The vibes-based-assessment shift is the most uncomfortable of the three responses to acknowledge. The major labs, in their model-release announcements of the past six months, have increasingly resorted to qualitative claims about model capability that the field has no rigorous mechanism for verifying — “feels like a real junior engineer,” “approaching the capability of an experienced researcher,” “the first model that can sustain a multi-hour debugging session without losing the thread.” These claims are, in the absence of saturating benchmarks, the best the field can currently offer; they are also, by any reasonable methodological standard, considerably less rigorous than the leaderboard claims of three years ago.
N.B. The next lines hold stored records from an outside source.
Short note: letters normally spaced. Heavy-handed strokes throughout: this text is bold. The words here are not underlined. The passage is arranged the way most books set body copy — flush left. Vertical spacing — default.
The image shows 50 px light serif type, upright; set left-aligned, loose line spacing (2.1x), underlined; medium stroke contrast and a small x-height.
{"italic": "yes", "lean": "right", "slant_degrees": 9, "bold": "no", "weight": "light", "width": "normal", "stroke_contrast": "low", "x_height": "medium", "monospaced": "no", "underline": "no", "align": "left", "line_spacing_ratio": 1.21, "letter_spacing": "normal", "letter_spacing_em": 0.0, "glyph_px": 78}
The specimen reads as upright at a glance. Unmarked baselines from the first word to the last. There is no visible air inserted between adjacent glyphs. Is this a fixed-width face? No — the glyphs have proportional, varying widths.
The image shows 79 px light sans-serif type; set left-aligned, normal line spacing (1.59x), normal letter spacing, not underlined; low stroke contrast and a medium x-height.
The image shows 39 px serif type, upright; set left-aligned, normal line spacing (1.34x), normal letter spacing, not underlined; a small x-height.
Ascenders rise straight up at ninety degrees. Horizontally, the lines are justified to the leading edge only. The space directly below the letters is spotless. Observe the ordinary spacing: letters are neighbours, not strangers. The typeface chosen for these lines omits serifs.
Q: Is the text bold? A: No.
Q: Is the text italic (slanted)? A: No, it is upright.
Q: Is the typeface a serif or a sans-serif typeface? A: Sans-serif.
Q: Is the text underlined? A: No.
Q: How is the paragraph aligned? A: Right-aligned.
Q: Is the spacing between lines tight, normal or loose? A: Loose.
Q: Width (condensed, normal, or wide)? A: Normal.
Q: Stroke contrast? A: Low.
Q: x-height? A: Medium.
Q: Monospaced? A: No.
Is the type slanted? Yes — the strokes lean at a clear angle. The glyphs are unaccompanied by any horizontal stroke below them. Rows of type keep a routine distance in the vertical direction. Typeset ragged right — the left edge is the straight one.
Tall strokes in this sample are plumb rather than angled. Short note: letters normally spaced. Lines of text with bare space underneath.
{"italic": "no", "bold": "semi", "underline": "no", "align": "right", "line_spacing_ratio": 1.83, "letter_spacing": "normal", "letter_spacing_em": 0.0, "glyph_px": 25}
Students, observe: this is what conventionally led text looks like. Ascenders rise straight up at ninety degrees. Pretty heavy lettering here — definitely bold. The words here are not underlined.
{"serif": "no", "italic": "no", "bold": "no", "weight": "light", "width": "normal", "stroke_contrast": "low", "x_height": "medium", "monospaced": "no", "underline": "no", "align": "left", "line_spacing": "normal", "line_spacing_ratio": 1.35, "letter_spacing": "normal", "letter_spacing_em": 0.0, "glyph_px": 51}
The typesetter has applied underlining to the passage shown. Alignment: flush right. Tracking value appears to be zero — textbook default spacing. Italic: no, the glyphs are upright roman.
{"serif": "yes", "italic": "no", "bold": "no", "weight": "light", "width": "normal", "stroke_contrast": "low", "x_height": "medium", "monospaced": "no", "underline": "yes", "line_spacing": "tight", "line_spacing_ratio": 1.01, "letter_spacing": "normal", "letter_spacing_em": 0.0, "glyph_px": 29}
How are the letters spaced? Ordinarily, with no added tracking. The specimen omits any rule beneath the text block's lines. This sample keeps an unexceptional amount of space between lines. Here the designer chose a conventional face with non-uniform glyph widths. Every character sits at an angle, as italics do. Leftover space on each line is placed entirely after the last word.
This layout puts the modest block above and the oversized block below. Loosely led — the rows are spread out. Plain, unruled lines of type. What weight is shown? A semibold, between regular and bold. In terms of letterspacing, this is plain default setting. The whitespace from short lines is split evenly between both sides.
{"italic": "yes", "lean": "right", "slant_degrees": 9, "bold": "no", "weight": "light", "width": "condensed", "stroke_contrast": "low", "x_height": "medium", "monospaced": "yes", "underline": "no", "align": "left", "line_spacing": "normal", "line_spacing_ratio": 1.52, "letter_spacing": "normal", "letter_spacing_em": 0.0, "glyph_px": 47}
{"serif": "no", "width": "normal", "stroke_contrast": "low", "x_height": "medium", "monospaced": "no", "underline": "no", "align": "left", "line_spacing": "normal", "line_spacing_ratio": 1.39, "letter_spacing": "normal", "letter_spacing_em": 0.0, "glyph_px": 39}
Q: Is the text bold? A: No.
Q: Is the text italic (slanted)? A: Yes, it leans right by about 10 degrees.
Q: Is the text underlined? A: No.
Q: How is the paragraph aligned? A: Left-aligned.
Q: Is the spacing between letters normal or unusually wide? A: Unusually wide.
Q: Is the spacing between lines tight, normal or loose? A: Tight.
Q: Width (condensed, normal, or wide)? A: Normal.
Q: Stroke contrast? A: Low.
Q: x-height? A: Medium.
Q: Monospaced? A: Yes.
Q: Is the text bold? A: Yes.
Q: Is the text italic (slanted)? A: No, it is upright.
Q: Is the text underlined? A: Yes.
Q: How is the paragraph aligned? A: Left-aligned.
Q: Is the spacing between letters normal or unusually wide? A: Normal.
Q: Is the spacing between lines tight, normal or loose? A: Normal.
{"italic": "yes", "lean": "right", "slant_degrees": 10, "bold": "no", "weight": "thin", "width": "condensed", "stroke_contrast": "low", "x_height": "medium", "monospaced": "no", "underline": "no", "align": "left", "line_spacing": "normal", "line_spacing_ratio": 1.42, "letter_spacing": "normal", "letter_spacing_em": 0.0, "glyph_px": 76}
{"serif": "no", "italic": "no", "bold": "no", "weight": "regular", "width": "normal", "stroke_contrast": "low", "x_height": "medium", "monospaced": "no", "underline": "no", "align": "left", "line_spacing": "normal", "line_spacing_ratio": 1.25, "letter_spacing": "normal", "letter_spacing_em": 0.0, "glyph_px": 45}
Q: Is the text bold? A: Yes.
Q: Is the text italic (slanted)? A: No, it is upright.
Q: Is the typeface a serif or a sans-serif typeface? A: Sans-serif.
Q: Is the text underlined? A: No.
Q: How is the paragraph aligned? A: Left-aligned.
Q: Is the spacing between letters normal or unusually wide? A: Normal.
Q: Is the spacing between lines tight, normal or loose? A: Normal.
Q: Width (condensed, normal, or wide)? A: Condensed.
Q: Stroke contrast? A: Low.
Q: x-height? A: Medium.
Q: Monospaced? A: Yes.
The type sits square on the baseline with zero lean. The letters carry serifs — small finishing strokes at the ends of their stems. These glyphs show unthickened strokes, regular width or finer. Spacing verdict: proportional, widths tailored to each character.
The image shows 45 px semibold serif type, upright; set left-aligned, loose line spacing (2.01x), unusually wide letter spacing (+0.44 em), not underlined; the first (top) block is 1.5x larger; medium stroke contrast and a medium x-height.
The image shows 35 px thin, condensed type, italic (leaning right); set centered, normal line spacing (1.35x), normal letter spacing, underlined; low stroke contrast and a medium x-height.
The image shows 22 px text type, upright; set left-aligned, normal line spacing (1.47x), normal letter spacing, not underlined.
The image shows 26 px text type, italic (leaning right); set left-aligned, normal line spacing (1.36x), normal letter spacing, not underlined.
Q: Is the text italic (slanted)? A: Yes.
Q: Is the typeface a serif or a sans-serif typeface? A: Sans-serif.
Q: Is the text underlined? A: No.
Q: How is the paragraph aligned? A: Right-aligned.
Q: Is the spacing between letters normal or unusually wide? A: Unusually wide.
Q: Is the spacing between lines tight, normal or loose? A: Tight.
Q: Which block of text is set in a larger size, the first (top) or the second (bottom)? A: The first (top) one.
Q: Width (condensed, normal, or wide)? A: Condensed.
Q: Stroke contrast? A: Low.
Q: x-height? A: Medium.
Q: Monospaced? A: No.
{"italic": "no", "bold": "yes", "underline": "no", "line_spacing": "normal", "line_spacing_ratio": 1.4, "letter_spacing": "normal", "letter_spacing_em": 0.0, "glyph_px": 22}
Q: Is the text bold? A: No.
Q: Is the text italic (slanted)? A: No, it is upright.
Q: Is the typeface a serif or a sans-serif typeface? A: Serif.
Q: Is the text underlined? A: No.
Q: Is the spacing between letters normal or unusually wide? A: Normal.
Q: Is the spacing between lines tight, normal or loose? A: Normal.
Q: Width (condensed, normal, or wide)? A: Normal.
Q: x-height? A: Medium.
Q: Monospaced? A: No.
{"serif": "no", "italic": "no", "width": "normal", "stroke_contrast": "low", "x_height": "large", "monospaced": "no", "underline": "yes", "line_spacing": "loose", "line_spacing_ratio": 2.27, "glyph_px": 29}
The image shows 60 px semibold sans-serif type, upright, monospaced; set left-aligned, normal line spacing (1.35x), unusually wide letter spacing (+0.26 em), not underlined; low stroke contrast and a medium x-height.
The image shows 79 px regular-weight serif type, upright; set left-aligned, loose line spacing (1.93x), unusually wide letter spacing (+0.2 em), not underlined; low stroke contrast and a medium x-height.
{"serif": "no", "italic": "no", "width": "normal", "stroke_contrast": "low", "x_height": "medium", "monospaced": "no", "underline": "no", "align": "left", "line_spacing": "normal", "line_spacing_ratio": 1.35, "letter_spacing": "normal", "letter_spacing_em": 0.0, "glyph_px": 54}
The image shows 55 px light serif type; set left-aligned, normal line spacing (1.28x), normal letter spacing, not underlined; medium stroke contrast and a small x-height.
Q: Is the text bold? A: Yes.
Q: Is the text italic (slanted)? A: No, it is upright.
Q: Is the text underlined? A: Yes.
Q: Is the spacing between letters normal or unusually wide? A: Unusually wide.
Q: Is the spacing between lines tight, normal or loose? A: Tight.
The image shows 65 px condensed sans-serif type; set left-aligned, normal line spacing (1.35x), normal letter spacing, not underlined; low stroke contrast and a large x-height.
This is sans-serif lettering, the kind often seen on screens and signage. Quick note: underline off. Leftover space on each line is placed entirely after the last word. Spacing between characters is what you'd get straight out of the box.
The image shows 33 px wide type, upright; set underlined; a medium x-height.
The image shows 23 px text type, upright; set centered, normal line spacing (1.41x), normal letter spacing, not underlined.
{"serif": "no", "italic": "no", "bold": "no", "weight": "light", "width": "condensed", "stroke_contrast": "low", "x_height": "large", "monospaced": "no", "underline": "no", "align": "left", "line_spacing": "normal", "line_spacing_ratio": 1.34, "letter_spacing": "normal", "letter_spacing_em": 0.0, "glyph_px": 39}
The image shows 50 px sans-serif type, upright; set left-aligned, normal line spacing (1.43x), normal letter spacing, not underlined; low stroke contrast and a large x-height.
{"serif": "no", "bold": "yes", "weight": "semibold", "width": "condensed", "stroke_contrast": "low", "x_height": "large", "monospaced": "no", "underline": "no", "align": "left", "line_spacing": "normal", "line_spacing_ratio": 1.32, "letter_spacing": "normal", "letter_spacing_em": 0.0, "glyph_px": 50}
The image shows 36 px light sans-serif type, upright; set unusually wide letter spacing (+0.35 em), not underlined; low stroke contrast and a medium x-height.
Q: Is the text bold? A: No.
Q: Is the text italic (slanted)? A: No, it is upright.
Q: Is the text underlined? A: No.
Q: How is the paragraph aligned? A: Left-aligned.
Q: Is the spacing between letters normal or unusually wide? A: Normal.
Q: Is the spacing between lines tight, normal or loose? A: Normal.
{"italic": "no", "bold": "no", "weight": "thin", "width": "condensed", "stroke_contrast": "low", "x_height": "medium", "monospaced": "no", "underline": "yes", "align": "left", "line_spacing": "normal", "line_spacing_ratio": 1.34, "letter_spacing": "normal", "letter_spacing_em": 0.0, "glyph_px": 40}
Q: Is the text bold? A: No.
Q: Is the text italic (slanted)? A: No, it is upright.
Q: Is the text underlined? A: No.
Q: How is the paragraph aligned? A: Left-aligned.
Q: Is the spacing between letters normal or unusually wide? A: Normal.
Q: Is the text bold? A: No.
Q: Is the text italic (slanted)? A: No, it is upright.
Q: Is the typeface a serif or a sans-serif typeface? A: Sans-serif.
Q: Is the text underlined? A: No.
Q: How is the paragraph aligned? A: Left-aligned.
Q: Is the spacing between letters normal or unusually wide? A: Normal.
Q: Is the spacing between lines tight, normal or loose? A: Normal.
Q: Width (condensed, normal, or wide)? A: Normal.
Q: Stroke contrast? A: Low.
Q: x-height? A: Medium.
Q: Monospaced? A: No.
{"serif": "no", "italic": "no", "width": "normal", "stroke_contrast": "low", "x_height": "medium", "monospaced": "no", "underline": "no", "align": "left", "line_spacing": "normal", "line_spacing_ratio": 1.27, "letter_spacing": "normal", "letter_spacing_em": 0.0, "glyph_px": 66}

The field is, in mid-2026, in the position of having to choose between rigorous-but-saturated benchmarks and qualitative-but-unverifiable assessment, and the choice is not satisfactory in either direction.

What This Means

The three observations I should like to leave plainly are these.

The first is that evaluation is, more than any single other technical activity, the way the AI field knows whether progress is real. Without rigorous evaluation, the field’s collective story about capability progress becomes the marketing department’s story about capability progress, and the resulting confusion is impossible to escape without spending considerable time in conversations with the people actually using the models. The evaluation crisis of the past two years has, in important ways, already pushed the field into the marketing-department’s-story regime, and the consequences are visible in the increasing divergence between the published model-release claims and the experienced quality of the deployed models.

The second is that the speed problem is unlikely to resolve on the present trajectory. As long as capability continues to double on a four-to-seven-month timescale, any benchmark designed in 2026 will be saturated by the frontier models of 2027 or 2028; any benchmark designed in 2027 will be saturated by 2028 or 2029. The field’s traditional cycle of develop-validate-publish-compare cannot keep pace with the cycle of model release, and the gap is, on present trajectory, widening rather than narrowing. The shift to economic evaluation is partly a response to this — economic quantities scale continuously rather than topping out at a benchmark ceiling — but the economic-evaluation regime is itself early and fragmented, and its convergence to a stable set of references is at least a year away.

The third is the one I should like to leave plainly. The most consequential development in artificial intelligence in the twelve months between mid-2025 and mid-2026 was not any individual model release. It was the structural transition in how the field measures itself, and the structural problem that the transition has not yet solved. A field that knows what it can build but cannot agree on how to measure what it has built is a field in which the loudest voices — the labs with the largest marketing budgets, the academics with the most-publicised claims, the commentators with the most-followed feeds — are at a substantial advantage over the more careful voices. The eval crisis is, in this sense, a crisis of the field’s epistemic discipline as much as of its technical methodology, and the resolution of one will not be possible without the resolution of the other.

The economic-evaluation regime is the field’s current best attempt at building back the rigorous comparison that the leaderboard and agentic regimes have lost. Whether it will hold up to the same acceleration that broke its predecessors is, on present evidence, an open question — and a question whose answer will, in some real sense, determine whether the field’s next year of capability gains can be reliably described or whether it will have to be, in the diminishing-but-still-present sense, taken on the labs’ word.